• ray10k (unregistered)

    My PHP is rusty to nonexistent at best, but if I understand the code correctly, these "getters" are in fact some Frankensteinian getter/setter combinations. Use without an argument, and you get the current value of the class variable, use with an argument to set. Which is funny, but not particularly useful, and might just be more confusing in the long run, when someone besides the original dev maintains that code.

  • thegoryone (unregistered)

    I've seen far worse. Some of it was even mine. As PHP WTF's go, this is incredibly mild.

  • Not frist (unregistered)

    Thrid !

  • fa (unregistered) in reply to ray10k

    Same caveat about PHP knowledge, but the methods never seem to act as setters. The parameter only affects the return value. So the use in the constructor is completely ineffective.

  • ray10k (unregistered) in reply to fa

    From what I understand, if the functions are called without argument, the interpreter defaults to using null, which causes the 'if($license)' to fail and just return the value of the static variable. However, PHP plays it very fast and loose with what it considers true or false. Basically, according to (http://stackoverflow.com/questions/6693876/how-exactly-does-ifvariable-work), pretty much anything besides boolean false, empty arrays or strings, and (presumably) null is treated as true. So, if a parameter is passed, 'if($license)' evaluates to true, and assigns the passed value to the static variable before returning said value.

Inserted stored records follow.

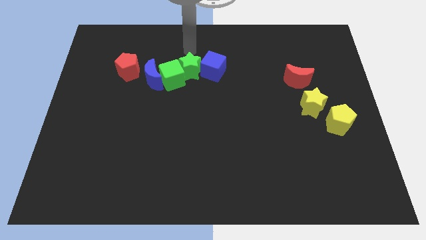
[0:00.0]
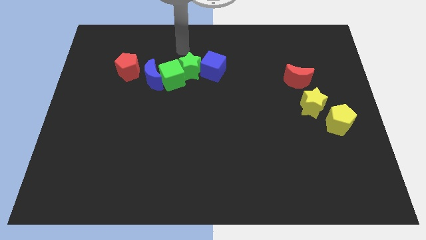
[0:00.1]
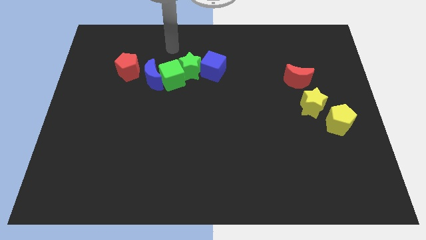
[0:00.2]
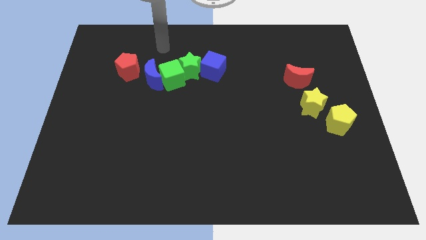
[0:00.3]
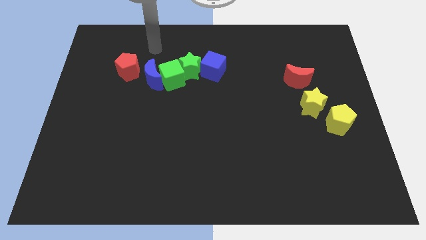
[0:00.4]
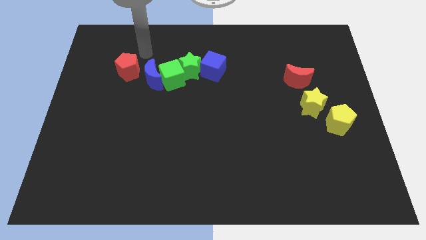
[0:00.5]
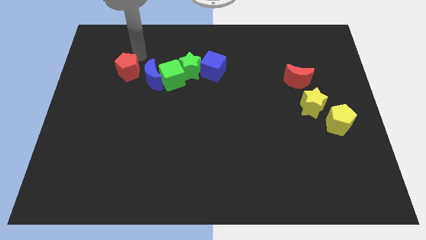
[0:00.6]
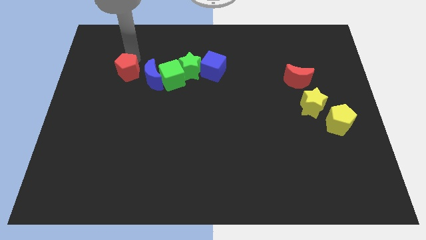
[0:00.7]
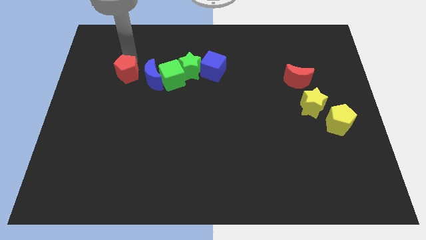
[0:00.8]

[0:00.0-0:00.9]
slightly push red pentagon downwards

  • ray10k (unregistered) in reply to ray10k

    Addendum to the above: If you pass a false-y value (meaning, any variant of 0 (string, float, int...), boolean false, an empty list or string, etc.), the program will silently ignore that assignment, and the next get will still return the same value.

  • Blerg (unregistered)

    This has been a supported pattern in AngularJs for model binding for a while now, too. Its pretty useful when the model you're binding to must be manipulated via input controls in a way that doesn't correspond 1:1 with some property on the model. It also lets you avoid using the usually-overkill ng-model formatters/parsers stuff

    If the methods here were just named properly (e.g. getSet* instead of get*), it wouldn't really be a WTF

  • guest007 (unregistered)

    TRWTF: Inheritance in favor of composition

  • phry (unregistered)

    The real problem is that these getterSetter Frankenstein monsters are class instance functions that modify static variables. Using this in an OOP context is not really defined in the manual (and I never tried something that weird), but I guess that those are shared between object instances.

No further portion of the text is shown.